Signés sous l’égide de l’Ukraine, de la Russie, de l’Allemagne et de la France en septembre 2014, puis complétés en février, les Accords de Minsk sont eux-mêmes en sursis. Les trois premiers points de cet armistice, le cessez-le-feu, le retrait des armes lourdes et leur vérification par l’OSCE n’ont jamais été entièrement respectés.
Avec la démission, il y a deux semaines, de Heidi Tagliavini, représentante de l’OSCE et facilitatrice au sein d’un groupe trilatéral de contact associant l’Ukraine et la Russie pour la mise en application de ces accords, on peut même se demander s’ils ne sont tout simplement pas déjà caducs. Pour donner une chance au cessez-le-feu, nous expliquait en substance la diplomate suisse à la veille de son départ, il faut faire avancer les négociations sur le plan politique. Or, la dernière réunion a tourné au vinaigre, le représentant russe claquant la porte, selon la version donnée par l’entourage du président ukrainien Petro Porochenko, mais non confirmée par l’OSCE.
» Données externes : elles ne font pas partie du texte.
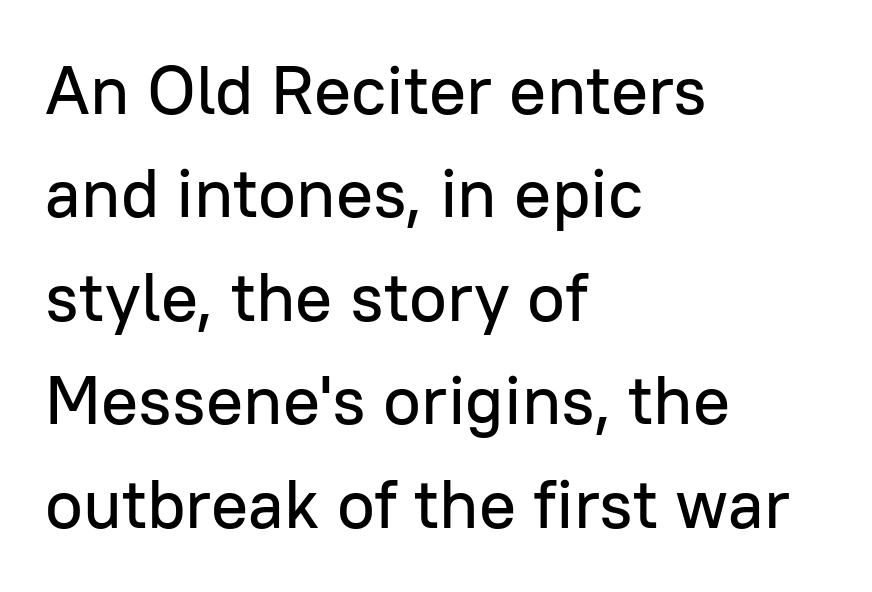
Q: Is the text italic (slanted)? A: No, it is upright.
Q: Is the typeface a serif or a sans-serif typeface? A: Sans-serif.
Q: Is the text underlined? A: No.
Q: How is the paragraph aligned? A: Left-aligned.
Q: Is the spacing between letters normal or unusually wide? A: Normal.
Q: Is the spacing between lines tight, normal or loose? A: Normal.
Q: Width (condensed, normal, or wide)? A: Normal.
Q: Stroke contrast? A: Low.
Q: x-height? A: Medium.
Q: Monospaced? A: No.
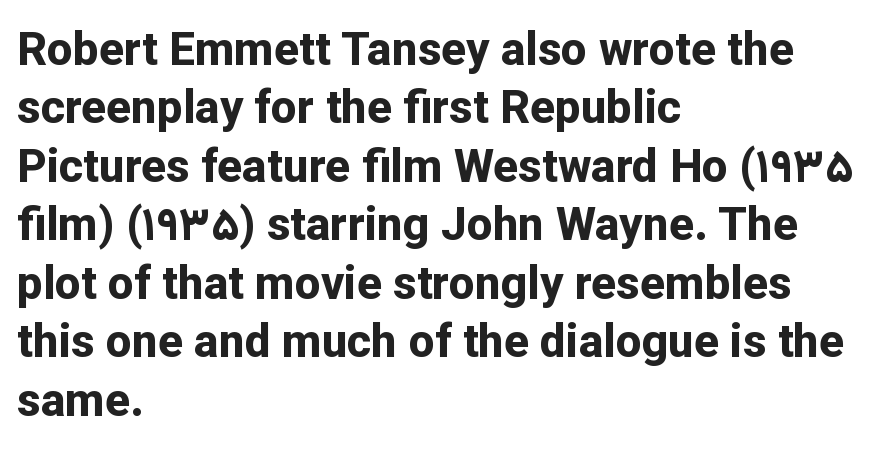
Q: Is the text bold? A: Yes.
Q: Is the text italic (slanted)? A: No, it is upright.
Q: Is the typeface a serif or a sans-serif typeface? A: Sans-serif.
Q: Is the text underlined? A: No.
Q: How is the paragraph aligned? A: Left-aligned.
Q: Is the spacing between letters normal or unusually wide? A: Normal.
Q: Is the spacing between lines tight, normal or loose? A: Normal.
Q: Width (condensed, normal, or wide)? A: Normal.
Q: Stroke contrast? A: Low.
Q: x-height? A: Medium.
Q: Monospaced? A: No.
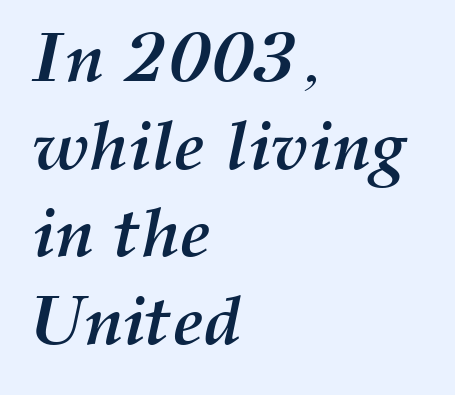
The image shows 69 px semibold type, italic (leaning right); set left-aligned, normal line spacing (1.27x), normal letter spacing, not underlined; medium stroke contrast and a medium x-height.
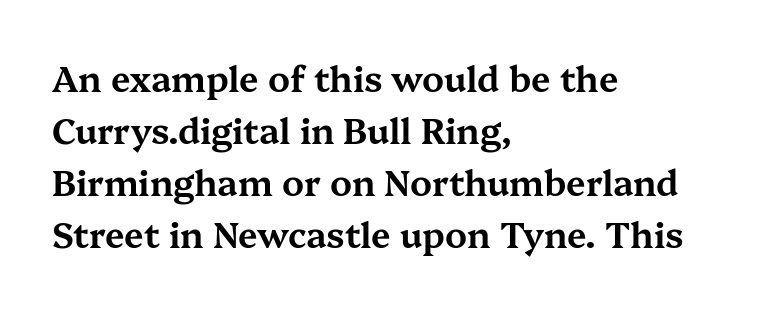
{"serif": "yes", "italic": "no", "width": "wide", "stroke_contrast": "medium", "x_height": "medium", "monospaced": "no", "underline": "no", "align": "left", "line_spacing": "normal", "line_spacing_ratio": 1.49, "letter_spacing": "normal", "letter_spacing_em": 0.0, "glyph_px": 35}
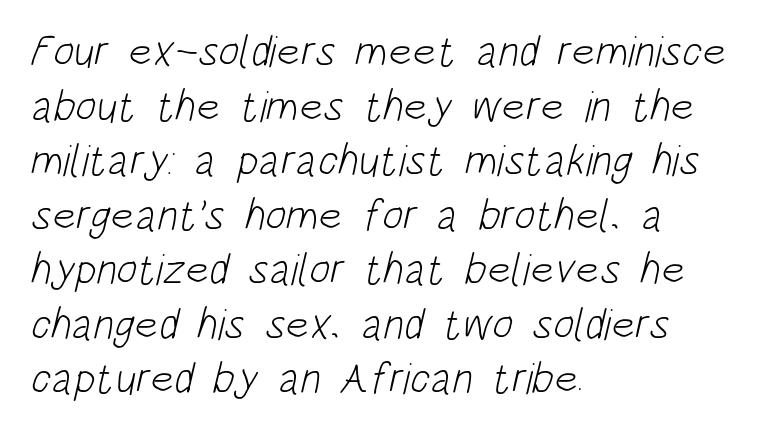
The image shows 44 px light, condensed sans-serif type; set left-aligned, line spacing 1.24x, normal letter spacing, not underlined; low stroke contrast and a large x-height.
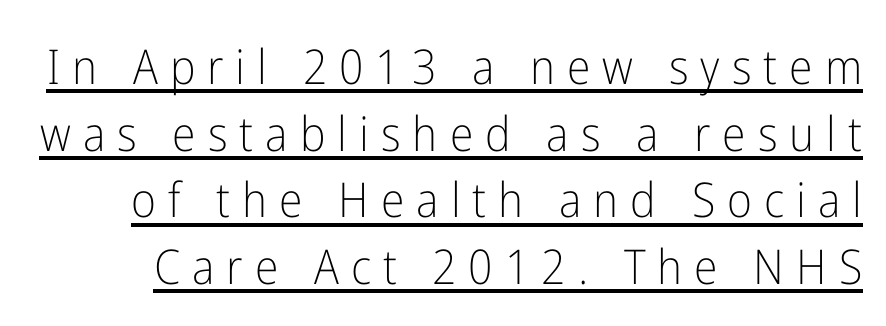
{"serif": "no", "italic": "no", "bold": "no", "weight": "light", "width": "condensed", "stroke_contrast": "low", "x_height": "medium", "monospaced": "no", "underline": "yes", "line_spacing": "normal", "line_spacing_ratio": 1.39, "letter_spacing": "wide", "letter_spacing_em": 0.25, "glyph_px": 48}
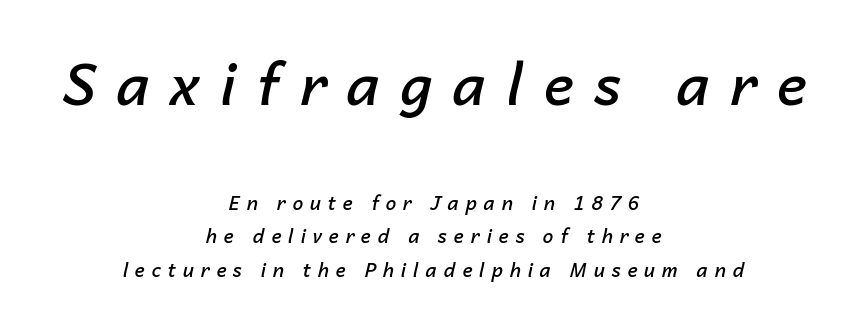
{"italic": "yes", "lean": "right", "slant_degrees": 14, "bold": "semi", "weight": "semibold", "width": "normal", "stroke_contrast": "low", "x_height": "medium", "monospaced": "no", "underline": "no", "align": "center", "line_spacing_ratio": 1.76, "letter_spacing": "wide", "letter_spacing_em": 0.36, "larger_block": "first", "size_ratio": 3.0, "glyph_px": 57}
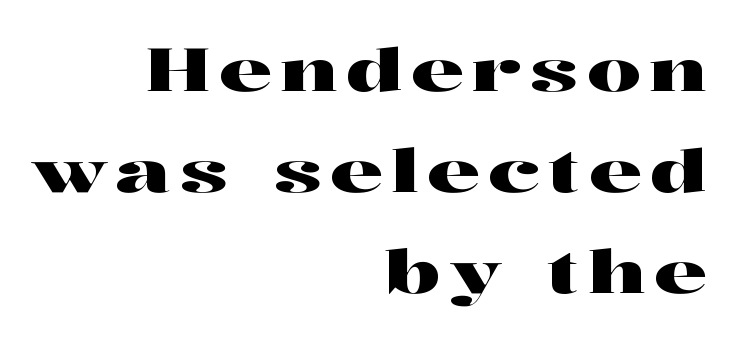
{"serif": "yes", "italic": "no", "width": "wide", "stroke_contrast": "high", "x_height": "medium", "monospaced": "no", "underline": "no", "align": "right", "line_spacing_ratio": 1.71, "glyph_px": 59}
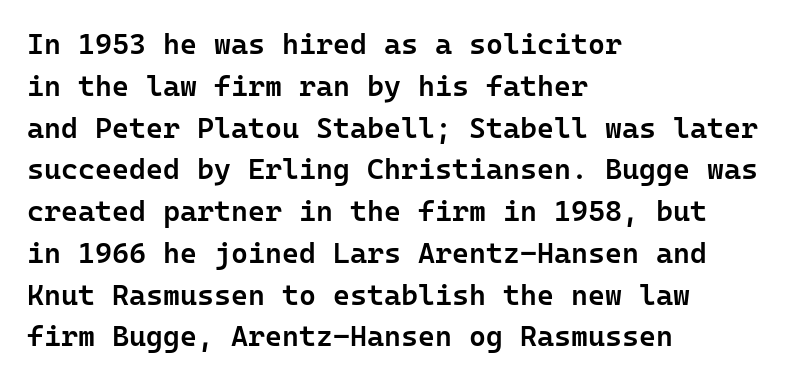
Q: Is the text bold? A: Semi-bold.
Q: Is the text italic (slanted)? A: No, it is upright.
Q: Is the typeface a serif or a sans-serif typeface? A: Sans-serif.
Q: Is the text underlined? A: No.
Q: How is the paragraph aligned? A: Left-aligned.
Q: Is the spacing between letters normal or unusually wide? A: Normal.
Q: Is the spacing between lines tight, normal or loose? A: Normal.
Q: Width (condensed, normal, or wide)? A: Normal.
Q: Stroke contrast? A: Low.
Q: x-height? A: Medium.
Q: Monospaced? A: Yes.
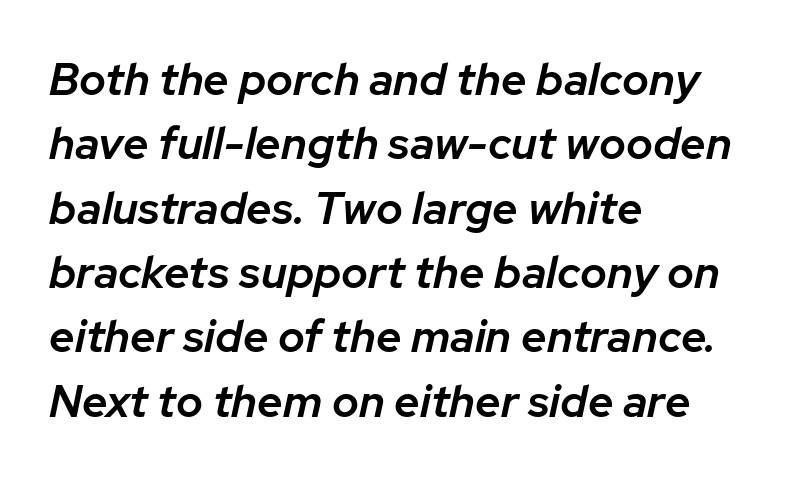
The image shows 45 px semibold type, italic (leaning right); set left-aligned, normal line spacing (1.43x), normal letter spacing, not underlined; low stroke contrast and a medium x-height.
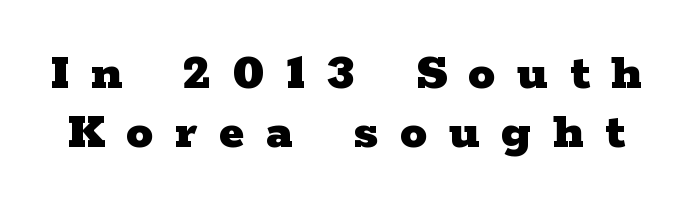
Descenders are the only things crossing below the line. Someone cranked the tracking dial way up on this one. The passage shown is emphatically bold. Character widths vary here, with narrow letters taking less room than wide ones.

A Kiev, on fait le décompte: depuis septembre dernier, les pro-Russes, avec l’aide directe de Moscou, ont mis la main sur 500 km2 supplémentaires de territoire et, depuis février, conquis 28 villes et cités. Alors à quoi bon maintenir un statu quo qui bénéficierait d’abord aux rebelles et à Poutine? Devant son Parlement, début juin, le président ukrainien s’est pourtant refusé à lâcher les Accords de Minsk pour déclarer l’état de guerre. Car c’est bien l’alternative.
Du coup, «la bible», comme les négociateurs appellent les Accords de Minsk, résiste. Et l’OSCE, la dernière instance de sécurité où coopèrent les Européens, les Russes et les Américains, continue tant bien que mal de jouer les intermédiaires. Moscou s’étant assuré de maintenir l’ONU à l’écart du conflit ukrainien, l’OSCE s’est ainsi trouvé une nouvelle raison d’être, en partie grâce à l’impulsion de sa présidence suisse l’an dernier.
«Il n’y a rien de plus solide et reconnu que les Accords de Minsk, qui représentent un cadre de référence et donnent une direction politique pour toute solution du conflit», nous expliquait encore Heidi Tagliavini avant de jeter l’éponge sans donner d’explication. Les Européens et les Russes s’y raccrochent. Mais pour combien de temps encore? Le long de la ligne d’armistice, qui ressemble de plus en plus à une ligne de front, l’instabilité menace à tout moment de dégénérer en nouveau conflit généralisé.